We can clearly see that the accuracy for both UBCF models using normalized (center & z-score) using pearson distance have nearly same accuracy and hence as shown through the ROC plot it is clear that both models are best models with best accuracy .

Objective (b) Increasing Diversity.

To increase user experience, expand user preferences and also to gather more information about a user, we construct a hybrid model i.e. a mixture of 2 or more models (with high accuracy and low accuracy ) so that the end result is mixture of both and we ddon’t always end up recommending user always a highly rated product as it can create a bias. Thus diveristy is introduced while building hybrid models, in our case we will have(0.99 vs. 0.01 weight between UBCF and Random models) and construct a hybrid model.

model_method <- "UBCF"
model_parameters <- NULL
# Training
modelUBCF <- Recommender(data=getData(eval_sets,"train"), method = model_method,parameter=model_parameters)
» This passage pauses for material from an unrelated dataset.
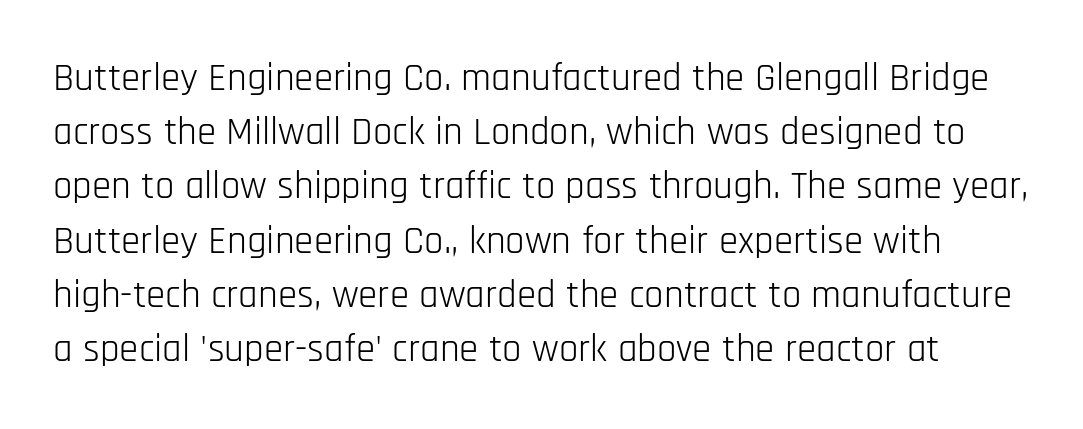
Proportional: the letters do not fall into vertical columns. A quiet, ordinary-to-light weight characterises the typeface. The face used here is a sans, in the tradition of grotesques and geometrics. The face used here is rendered with its standard letterfit.

predUBCF <- predict(modelUBCF,getData(eval_sets,"known"),type="ratings")


model_method <- "RANDOM"
randomModel <- Recommender(data=getData(eval_sets,"train"), method = model_method,parameter=model_parameters)
predRandom <- predict(randomModel,getData(eval_sets,"known"),type="ratings")
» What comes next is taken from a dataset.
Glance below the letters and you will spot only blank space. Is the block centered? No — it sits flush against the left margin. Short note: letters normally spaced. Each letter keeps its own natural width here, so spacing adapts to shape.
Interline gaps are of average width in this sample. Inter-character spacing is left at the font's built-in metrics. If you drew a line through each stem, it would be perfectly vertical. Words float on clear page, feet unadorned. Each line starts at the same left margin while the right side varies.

hybridModel <- HybridRecommender(
    modelUBCF, 
    randomModel, 
    weights = c(0.99, 0.01))
predHybrid <- predict(hybridModel, newdata = getData(eval_sets,"known"), type = "ratings")

#Error in UBCF
( accUBCF <- calcPredictionAccuracy(predUBCF, getData(eval_sets,"unknown")) )
##      RMSE       MSE       MAE 
## 0.9277180 0.8606606 0.7110595
# Error in Random
( accRandom <- calcPredictionAccuracy(predRandom, getData(eval_sets,"unknown")) )
##     RMSE      MSE      MAE 
## 1.251103 1.565259 0.958571
#Error in hybrid approach
( accHybrid <- calcPredictionAccuracy(predHybrid, getData(eval_sets,"unknown")) )
##     RMSE      MSE      MAE 
## 1.171745 1.372986 0.822340

We can clearly see that model accuracy in hybrid is not too high like in UBCF neither too low like in Random but is somewhat in middle more titled towards UBCF.But it introduces more slippage in accuracy meaning more random things will be recommened to user.
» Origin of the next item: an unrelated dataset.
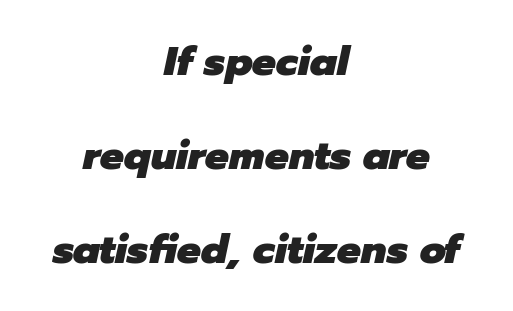
{"italic": "yes", "lean": "right", "slant_degrees": 12, "bold": "yes", "weight": "heavy", "width": "normal", "stroke_contrast": "low", "x_height": "medium", "monospaced": "no", "underline": "no", "align": "center", "line_spacing": "loose", "line_spacing_ratio": 2.35, "letter_spacing": "normal", "letter_spacing_em": 0.0, "glyph_px": 40}

Objective (c) online evaluation

Uptil now we have been using offline data and all simulatons and algorithm used were to evaluate offline accuracy.

Offline evaluations :-

Offline evalutaion typically measure the accuracy of a recommender system based on a ground-truth. To measure accuracy, precision at position n () is often used to express how many items of the ground-truth are recommended within the top n recommendations. Other common evaluation metrics include recall, F-measure, mean reciprocal rank (MRR), normalized discounted cumulative gain (nDCG), mean absolute error, and root mean square error. Offline evaluations are also sometimes used to evaluate aspects such as novelty or serendipity of recommendations.

Online Evaluations:-

Online evaluations measure the acceptance rates of recommendations in real-world recommender systems. Acceptance rates are typically measured by click-through rate (CTR), i.e. the ratio of clicked recommendations to displayed recommendations. For instance, if a recommender system displays 10,000 recommendations and 120 are clicked, CTR is 1.2%. Other metrics include the ratio of downloaded or bought items. Acceptance rate is typically interpreted as an implicit measure for user satisfaction. The assumption is that when a user clicks, downloads, or buys a recommended item, the user liked the recommendation.

For online evaluation we can use a database (SPARK or NoSQL) to store the online transactional data and create some kind of computational system to run and update the algorithms in real time, and design a GUI to present the choices and recommendations to the end-user.